No picture belongs in the answer, which must hold exactly the lines from the one with "Road classification: primary" through the final line below.

(Collected data)
────
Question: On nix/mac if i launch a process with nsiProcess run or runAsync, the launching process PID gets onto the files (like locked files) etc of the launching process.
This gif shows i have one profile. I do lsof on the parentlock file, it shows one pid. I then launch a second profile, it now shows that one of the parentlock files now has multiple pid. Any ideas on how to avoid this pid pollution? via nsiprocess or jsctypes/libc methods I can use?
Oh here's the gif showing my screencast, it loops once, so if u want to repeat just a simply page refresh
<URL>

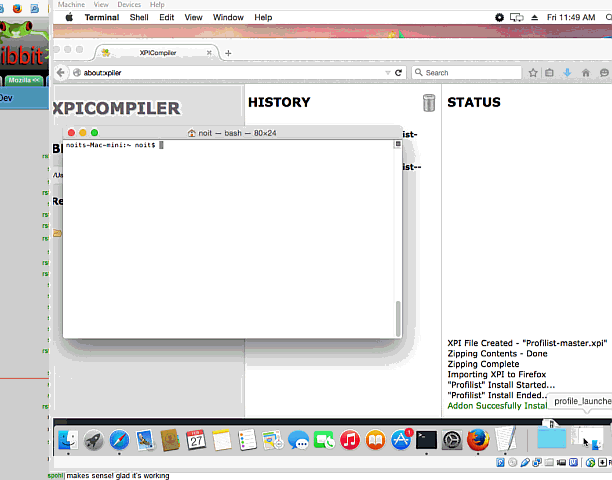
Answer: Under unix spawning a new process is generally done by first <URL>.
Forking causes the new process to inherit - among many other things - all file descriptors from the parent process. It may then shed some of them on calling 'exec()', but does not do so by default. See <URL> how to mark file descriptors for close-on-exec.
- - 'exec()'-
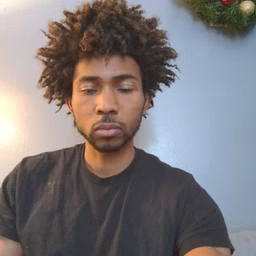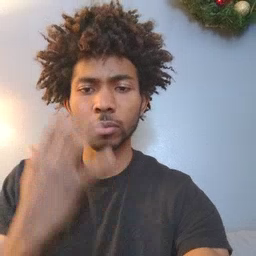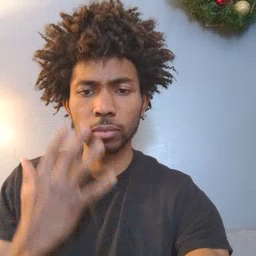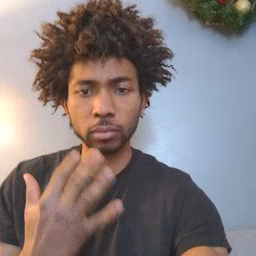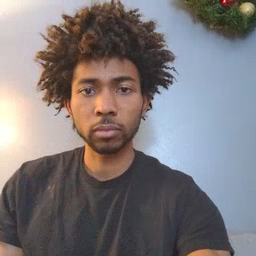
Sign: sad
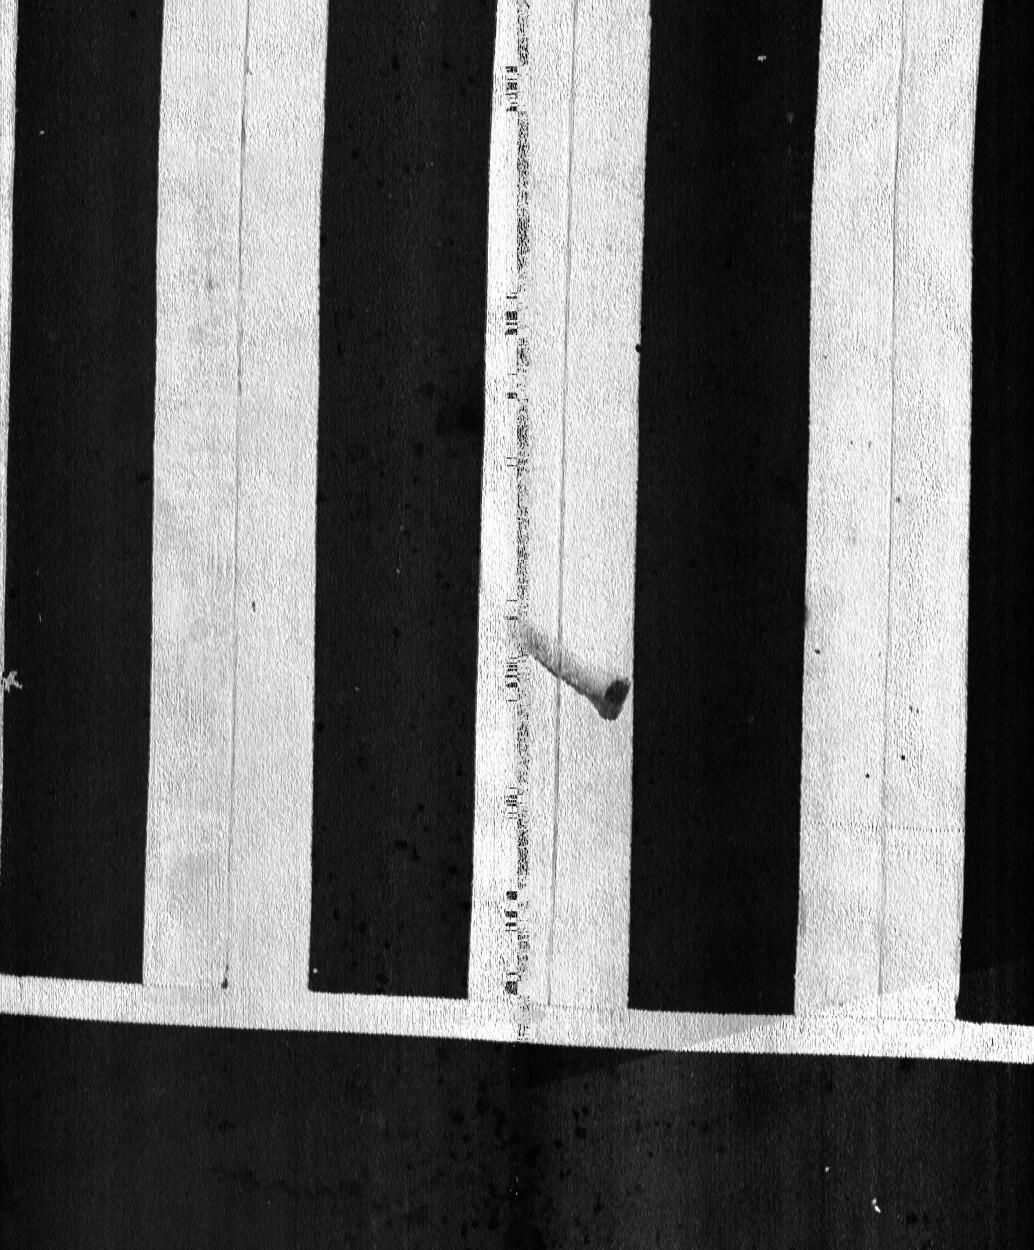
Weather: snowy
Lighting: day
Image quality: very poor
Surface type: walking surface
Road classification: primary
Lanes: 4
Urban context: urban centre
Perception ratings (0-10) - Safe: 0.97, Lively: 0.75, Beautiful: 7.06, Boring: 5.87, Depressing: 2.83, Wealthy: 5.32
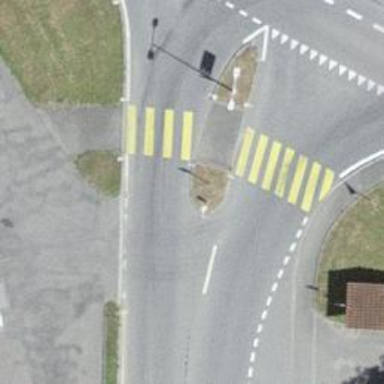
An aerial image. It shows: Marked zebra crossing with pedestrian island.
────
**Solution to the exercise**
Road classification: primary
Lanes: 4
Urban context: urban centre
Perception ratings (0-10) - Safe: 0.97, Lively: 0.75, Beautiful: 7.06, Boring: 5.87, Depressing: 2.83, Wealthy: 5.32
An aerial image. It shows: Marked zebra crossing with pedestrian island.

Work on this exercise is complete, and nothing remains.